What you are asked to do :: Scan the material below and count each line with the string "terrace". Reply with the count alone.
Data records: Begin
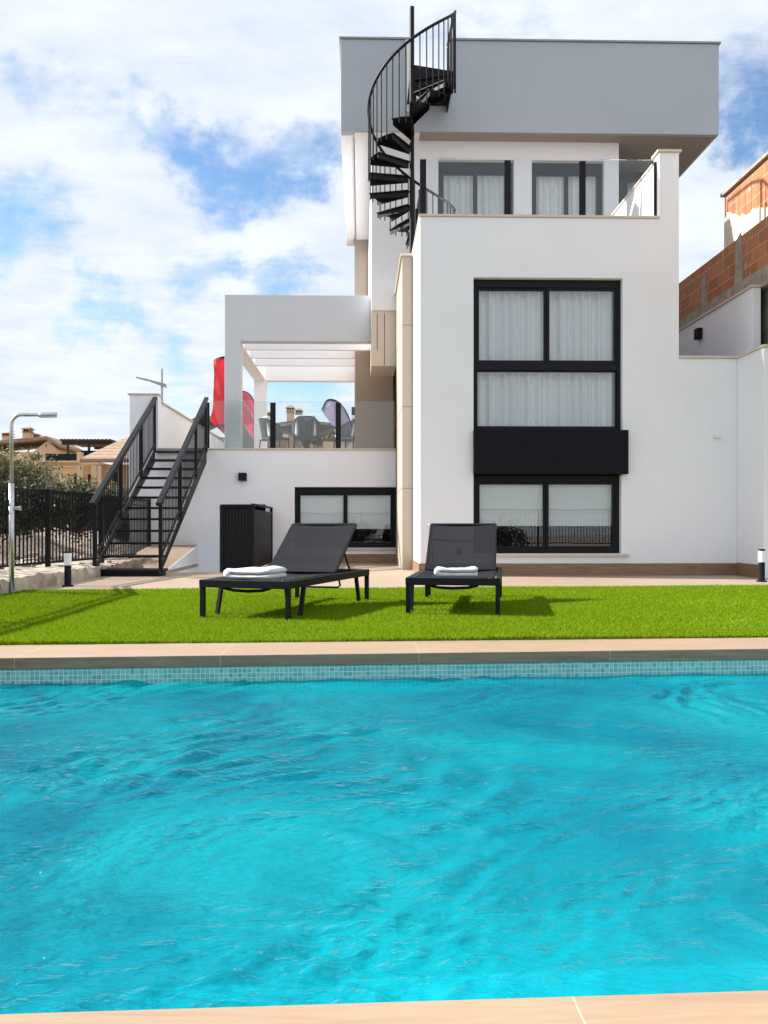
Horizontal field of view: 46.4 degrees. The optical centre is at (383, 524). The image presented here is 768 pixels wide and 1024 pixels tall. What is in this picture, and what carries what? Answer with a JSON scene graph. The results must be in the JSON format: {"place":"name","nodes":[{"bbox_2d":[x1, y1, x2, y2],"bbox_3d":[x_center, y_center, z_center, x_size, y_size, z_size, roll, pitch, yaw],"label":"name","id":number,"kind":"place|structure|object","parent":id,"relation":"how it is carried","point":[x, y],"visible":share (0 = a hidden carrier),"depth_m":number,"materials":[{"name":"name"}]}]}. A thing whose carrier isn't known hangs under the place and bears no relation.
{"place":"outdoors","nodes":[
{"label":"outdoors","id":0,"kind":"place"},
{"bbox_2d":[0,522,127,563],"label":"terrain","id":1,"kind":"structure","parent":0,"point":[51,544],"depth_m":16.98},
{"bbox_2d":[0,452,20,485],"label":"olive bush","id":2,"kind":"object","parent":1,"relation":"on","point":[3,468],"visible":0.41,"depth_m":19.81,"materials":[{"name":"green plant"}]},
{"bbox_2d":[0,431,74,500],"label":"olive bush","id":3,"kind":"object","parent":1,"relation":"on","point":[31,470],"visible":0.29,"depth_m":20.62,"materials":[{"name":"green plant"}]},
{"bbox_2d":[0,427,82,465],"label":"ochre house","id":4,"kind":"structure","parent":1,"relation":"on","point":[29,438],"depth_m":51.94,"materials":[{"name":"paint"}]},
{"bbox_2d":[0,472,83,547],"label":"dark bush","id":5,"kind":"object","parent":1,"relation":"on","point":[19,485],"visible":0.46,"depth_m":15.21,"materials":[{"name":"green plant"}]},
{"bbox_2d":[31,439,116,489],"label":"yellow house","id":6,"kind":"structure","parent":1,"relation":"on","point":[69,463],"depth_m":45.70,"materials":[{"name":"paint"}]},
{"bbox_2d":[29,475,127,542],"bbox_3d":[-5.911,-0.307,17.309,2.279,1.346,1.681,0,0,27],"label":"dark bush","id":7,"kind":"object","parent":1,"relation":"on","point":[86,489],"visible":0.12,"depth_m":17.21,"materials":[{"name":"green plant"}]},
{"bbox_2d":[77,437,128,488],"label":"yellow house","id":8,"kind":"structure","parent":1,"relation":"on","point":[108,453],"depth_m":41.49,"materials":[{"name":"paint"}]},
{"bbox_2d":[192,416,224,439],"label":"ochre house","id":9,"kind":"structure","parent":1,"relation":"on","point":[212,426],"depth_m":53.53,"materials":[{"name":"paint"}]},
{"bbox_2d":[178,567,197,571],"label":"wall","id":10,"kind":"structure","parent":0,"point":[194,569],"depth_m":16.25,"materials":[{"name":"white paint"}]},
{"bbox_2d":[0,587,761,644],"bbox_3d":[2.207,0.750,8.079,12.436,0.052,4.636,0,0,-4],"label":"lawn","id":11,"kind":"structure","parent":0,"point":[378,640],"depth_m":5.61,"materials":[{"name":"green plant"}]},
{"bbox_2d":[9,412,56,592],"bbox_3d":[-3.699,-0.228,9.373,0.540,1.904,0.150,0,0,-1],"label":"outdoor shower","id":12,"kind":"object","parent":11,"relation":"on","point":[12,508],"visible":0.91,"depth_m":9.35,"materials":[{"name":"metal"}]},
{"bbox_2d":[199,523,368,620],"bbox_3d":[-0.779,0.353,7.688,0.750,0.735,1.930,0,0,17],"label":"sun lounger","id":13,"kind":"object","parent":11,"relation":"on","point":[307,555],"visible":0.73,"depth_m":7.98,"materials":[{"name":"black metal"}]},
{"bbox_2d":[223,566,286,578],"bbox_3d":[-1.006,0.371,7.031,0.425,0.096,0.270,0,0,21],"label":"folded towel","id":14,"kind":"object","parent":13,"relation":"on","point":[272,572],"visible":1,"depth_m":6.94,"materials":[{"name":"white fabric"}]},
{"bbox_2d":[405,523,501,614],"bbox_3d":[0.675,0.353,8.039,0.750,0.735,1.930,0,0,8],"label":"sun lounger","id":15,"kind":"object","parent":11,"relation":"on","point":[457,545],"visible":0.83,"depth_m":8.37,"materials":[{"name":"black metal"}]},
{"bbox_2d":[434,566,477,576],"bbox_3d":[0.587,0.377,7.319,0.360,0.083,0.240,0,0,6],"label":"folded towel","id":16,"kind":"object","parent":15,"relation":"on","point":[439,571],"visible":1,"depth_m":7.21,"materials":[{"name":"white fabric"}]},
{"bbox_2d":[0,904,767,1013],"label":"pool basin floor","id":17,"kind":"structure","parent":0,"point":[259,964],"depth_m":4.58,"materials":[{"name":"blue tile"}]},
{"bbox_2d":[0,674,767,1012],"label":"pool water","id":18,"kind":"structure","parent":17,"relation":"on","point":[489,810],"depth_m":5.07,"materials":[{"name":"blue liquid"}]},
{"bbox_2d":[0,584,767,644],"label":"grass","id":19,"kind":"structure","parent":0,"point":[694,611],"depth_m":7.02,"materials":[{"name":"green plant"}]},
{"bbox_2d":[0,637,767,1023],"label":"pool surround paving","id":20,"kind":"structure","parent":0,"point":[742,1007],"depth_m":4.91,"materials":[{"name":"tile"}]},
{"bbox_2d":[0,660,767,693],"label":"pool mosaic wall","id":21,"kind":"structure","parent":0,"point":[380,675],"depth_m":5.07,"materials":[{"name":"blue tile"}]},
{"bbox_2d":[0,0,767,464],"label":"sky","id":22,"kind":"structure","parent":0,"point":[161,161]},
{"bbox_2d":[2,563,767,589],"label":"pavement","id":23,"kind":"structure","parent":0,"point":[389,575],"depth_m":11.68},
{"bbox_2d":[0,537,127,569],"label":"rubble","id":24,"kind":"object","parent":23,"relation":"on","point":[3,568],"visible":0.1,"depth_m":15.41,"materials":[{"name":"beige stone"}]},
{"bbox_2d":[62,551,73,586],"bbox_3d":[-3.716,0.516,10.533,0.130,0.420,0.130,0,0,-1],"label":"bollard light","id":25,"kind":"object","parent":23,"relation":"on","point":[67,566],"visible":1,"depth_m":10.50,"materials":[{"name":"black metal"}]},
{"bbox_2d":[0,558,145,594],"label":"stone kerb wall","id":26,"kind":"structure","parent":23,"relation":"on","point":[36,577],"depth_m":11.28,"materials":[{"name":"beige stone"}]},
{"bbox_2d":[0,486,150,567],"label":"metal fence","id":27,"kind":"object","parent":26,"relation":"on","point":[47,562],"visible":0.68,"depth_m":12.72,"materials":[{"name":"black metal"}]},
{"bbox_2d":[89,397,208,576],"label":"metal staircase","id":28,"kind":"structure","parent":23,"relation":"on","point":[197,436],"depth_m":14.11,"materials":[{"name":"black metal"}]},
{"bbox_2d":[134,545,197,569],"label":"tiled ramp","id":29,"kind":"structure","parent":23,"relation":"on","point":[179,556],"depth_m":15.85,"materials":[{"name":"white paint"}]},
{"bbox_2d":[220,503,272,571],"bbox_3d":[-2.334,0.246,15.476,0.538,1.160,2.910,0,0,-1],"label":"storage cabinet","id":30,"kind":"object","parent":23,"relation":"on","point":[257,538],"visible":0.9,"depth_m":14.04,"materials":[{"name":"black metal"}]},
{"bbox_2d":[127,36,736,574],"bbox_3d":[0.622,-3.537,20.872,11.102,10.926,16.301,0,0,-1],"label":"white villa","id":31,"kind":"object","parent":23,"relation":"on","point":[499,346],"visible":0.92,"depth_m":14.14,"materials":[{"name":"paint"}]},
{"bbox_2d":[258,416,289,447],"bbox_3d":[-2.325,-1.800,18.682,0.588,0.887,0.594,0,0,-29],"label":"terrace chair","id":32,"kind":"object","parent":31,"relation":"on","point":[264,423],"visible":0.8,"depth_m":18.48,"materials":[{"name":"grey wicker"}]},
{"bbox_2d":[291,415,319,447],"bbox_3d":[-1.612,-1.800,18.483,0.594,0.887,0.588,0,0,-3],"label":"terrace chair","id":33,"kind":"object","parent":31,"relation":"on","point":[305,427],"visible":0.98,"depth_m":18.28,"materials":[{"name":"grey wicker"}]},
{"bbox_2d":[281,424,335,447],"bbox_3d":[-1.683,-1.733,19.314,1.300,0.750,1.300,0,0,-1],"label":"dining table","id":34,"kind":"object","parent":31,"relation":"on","point":[287,428],"visible":0.39,"depth_m":19.11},
{"bbox_2d":[333,416,354,447],"bbox_3d":[-0.694,-1.800,18.724,0.588,0.887,0.594,0,0,27],"label":"terrace chair","id":35,"kind":"object","parent":31,"relation":"on","point":[347,437],"visible":0.56,"depth_m":18.47,"materials":[{"name":"grey wicker"}]},
{"bbox_2d":[295,487,395,547],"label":"window","id":36,"kind":"structure","parent":31,"relation":"in","point":[373,510],"depth_m":17.19,"materials":[{"name":"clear glass"}]},
{"bbox_2d":[438,162,512,213],"bbox_3d":[1.738,-5.541,17.196,1.425,2.725,0.255,0,0,-1],"label":"window","id":37,"kind":"structure","parent":31,"relation":"in","point":[472,188],"depth_m":17.21,"materials":[{"name":"clear glass"}]},
{"bbox_2d":[474,475,618,552],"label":"window","id":38,"kind":"structure","parent":31,"relation":"in","point":[531,513],"depth_m":13.07,"materials":[{"name":"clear glass"}]},
{"bbox_2d":[474,280,619,429],"bbox_3d":[2.353,-2.453,13.091,2.144,2.179,0.255,0,0,-1],"label":"window","id":39,"kind":"structure","parent":31,"relation":"in","point":[547,352],"depth_m":13.12,"materials":[{"name":"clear glass"}]},
{"bbox_2d":[532,163,601,214],"bbox_3d":[3.484,-5.541,17.240,1.371,2.725,0.254,0,0,-1],"label":"window","id":40,"kind":"structure","parent":31,"relation":"in","point":[555,186],"depth_m":17.25,"materials":[{"name":"clear glass"}]},
{"bbox_2d":[619,172,643,203],"bbox_3d":[5.034,-5.594,18.583,0.528,3.031,1.200,0,0,-1],"label":"window","id":41,"kind":"structure","parent":31,"relation":"in","point":[627,180],"depth_m":18.06,"materials":[{"name":"clear glass"}]},
{"bbox_2d":[679,285,767,578],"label":"boundary wall","id":42,"kind":"structure","parent":23,"relation":"on","point":[730,326],"depth_m":12.72,"materials":[{"name":"white paint"}]},
{"bbox_2d":[756,549,766,581],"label":"bollard light","id":43,"kind":"object","parent":23,"relation":"on","point":[761,565],"visible":1,"depth_m":11.38,"materials":[{"name":"black metal"}]},
{"bbox_2d":[367,6,456,252],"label":"spiral staircase","id":44,"kind":"structure","parent":0,"point":[428,87],"depth_m":15.07,"materials":[{"name":"black metal"}]},
{"bbox_2d":[679,151,767,344],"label":"unfinished brick house","id":45,"kind":"structure","parent":0,"point":[738,263],"depth_m":14.40,"materials":[{"name":"brick"}]},
{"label":"road","id":46,"kind":"structure","parent":0,"visible":0},
{"bbox_2d":[51,466,102,493],"bbox_3d":[-9.243,-1.022,25.882,2.536,1.505,2.146,0,0,-1],"label":"dry shrub","id":47,"kind":"object","parent":46,"relation":"on","point":[79,480],"visible":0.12,"depth_m":25.63,"materials":[{"name":"green plant"}]},
{"bbox_2d":[87,474,127,500],"bbox_3d":[-7.673,-0.827,25.766,2.340,1.356,1.719,0,0,-28],"label":"dry shrub","id":48,"kind":"object","parent":46,"relation":"on","point":[111,488],"visible":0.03,"depth_m":25.50,"materials":[{"name":"green plant"}]},
{"bbox_2d":[136,368,166,401],"bbox_3d":[-7.741,-2.786,29.814,0.995,4.824,0.160,0,0,-1],"label":"street lamp","id":49,"kind":"object","parent":46,"relation":"on","point":[161,384],"visible":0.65,"depth_m":29.79,"materials":[{"name":"grey metal"}]},
{"bbox_2d":[210,356,224,431],"bbox_3d":[-4.674,-2.694,26.961,0.938,4.740,0.556,0,0,20],"label":"feather flag","id":50,"kind":"object","parent":46,"relation":"on","point":[217,417],"visible":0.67,"depth_m":26.88,"materials":[{"name":"fabric"}]},
{"bbox_2d":[243,391,253,439],"bbox_3d":[-3.993,-2.175,26.852,0.840,3.702,0.556,0,0,-24],"label":"feather flag","id":51,"kind":"object","parent":46,"relation":"on","point":[248,410],"visible":0.45,"depth_m":26.89,"materials":[{"name":"fabric"}]},
{"bbox_2d":[243,423,253,447],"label":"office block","id":52,"kind":"structure","parent":46,"relation":"on","point":[248,441],"depth_m":53.81,"materials":[{"name":"grey concrete"}]},
{"bbox_2d":[267,405,354,447],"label":"stone house","id":53,"kind":"structure","parent":46,"relation":"on","point":[290,419],"depth_m":45.89,"materials":[{"name":"stone"}]},
{"bbox_2d":[311,423,335,447],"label":"hedge","id":54,"kind":"object","parent":53,"relation":"on","point":[331,434],"visible":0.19,"depth_m":40.80,"materials":[{"name":"green plant"}]},
{"bbox_2d":[321,399,352,446],"bbox_3d":[-1.270,-2.058,26.977,1.249,3.469,0.560,0,0,-1],"label":"feather flag","id":55,"kind":"object","parent":46,"relation":"on","point":[328,409],"visible":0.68,"depth_m":26.98,"materials":[{"name":"fabric"}]}
]}
Data records: End
Solution to this problem :: 3